Rickbeil then analyzed the data to pinpoint when each elk made its trek from winter range to summer range and back again and used satellite images to infer the conditions on the ground during journeys.
He found that elk tended to leave their winter ranges and set out to their summer ranges as soon as the snow had melted and during the "green-up," when fresh, nutritious plant growth began to sprout. Likewise, encroaching snowfall and hunting pressure cued them to make the return journey.
The team was surprised by the extent of the elks' flexibility: One year, a female elk might migrate in early May, but the next year in late July, depending on the timing of snowmelt and green-up.
"They've got a big brain and big eyes, and they can look around and, to a large degree, see changes on the landscape and react to them," Middleton said.
However, Rickbeil notes, the snow cover and vegetation couldn't fully explain why the elk are now arriving so much later at their winter ranges.

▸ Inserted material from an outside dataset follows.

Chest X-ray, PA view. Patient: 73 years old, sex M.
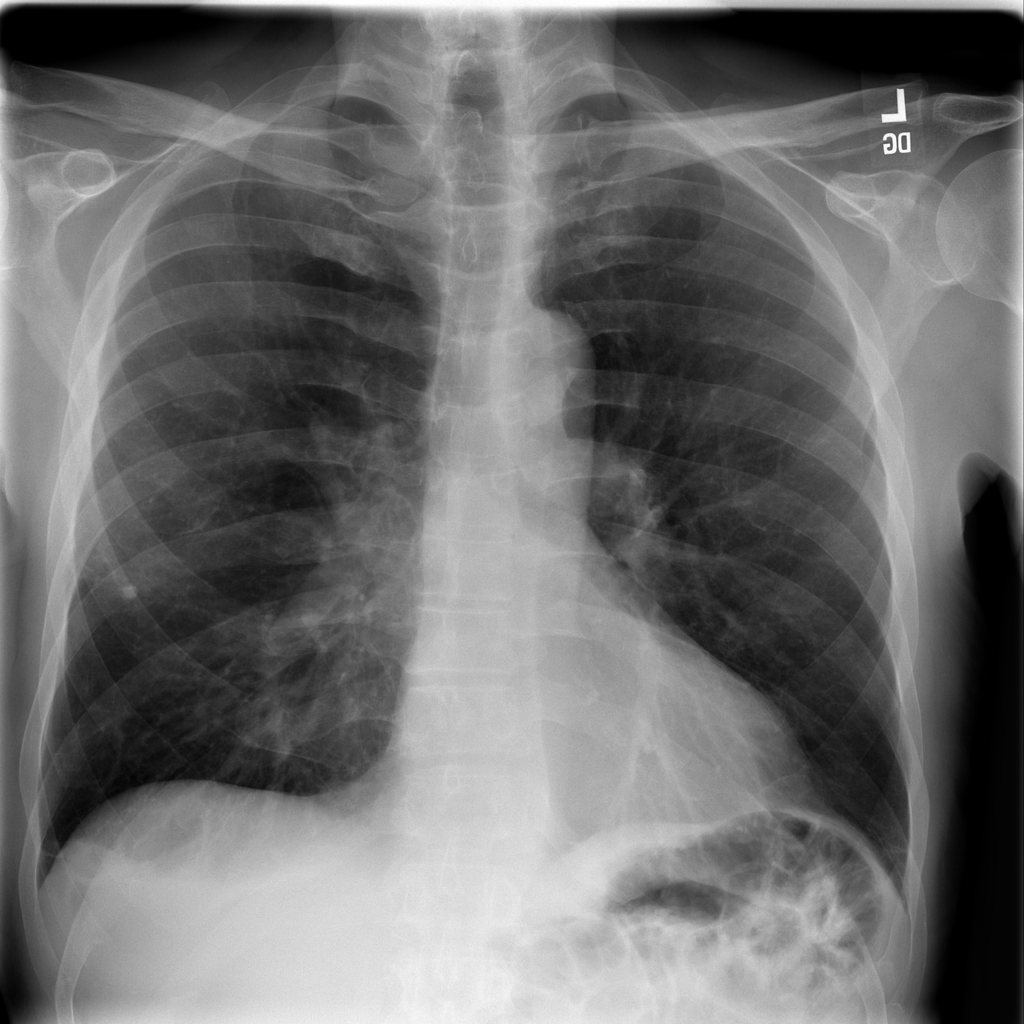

Variations in snow depth, which cannot be inferred from satellite data, might explain part of the dramatic change, Rickbeil said.
Alyson Courtemanch, who manages the Greater Yellowstone Ecosystem's Jackson elk herd as part of her job as a wildlife biologist with the Wyoming Game and Fish Department, says knowing the whereabouts of the elk is critical to her job setting hunting seasons and managing the spread of diseases among wild elk and domestic cattle.
"We've been observing a lot of really interesting changes over the past decade about the way that elk are moving across the landscape, specifically of the timing of the migrations," said Courtemanch, who supplied GPS data on the Jackson herd for the study. "This analysis helped confirm a lot of things that people on the ground had suspected were happening, but that weren't really quantified."
"It seems like these animals can adapt to changing climates, which is likely a good thing," Rickbeil said. "But there will be a lot of consequences to these changes."
Study co-authors include Jerod A. Merkle of the University of Wyoming; Greg Anderson, Douglas E. McWhirter and Tony Mong of the Wyoming Game and Fish Department; M. Paul Atwood of the Idaho Department of Fish and Game; Jon P. Beckmann of the Wildlife Conservation Society; Eric K. Cole of the U.S. Fish and Wildlife Service; Sarah Dewey and David D. Gustine of the National Park Service; Matthew J. Kauffman of the U.S. Geological Survey and Kelly Proffitt of Montana Fish, Wildlife and Parks.
This research was supported by the National Geographic Society, Grant WW-100C-17; the Knobloch Family Foundation; the George B. Storer Foundation and the Rocky Mountain Elk Foundation.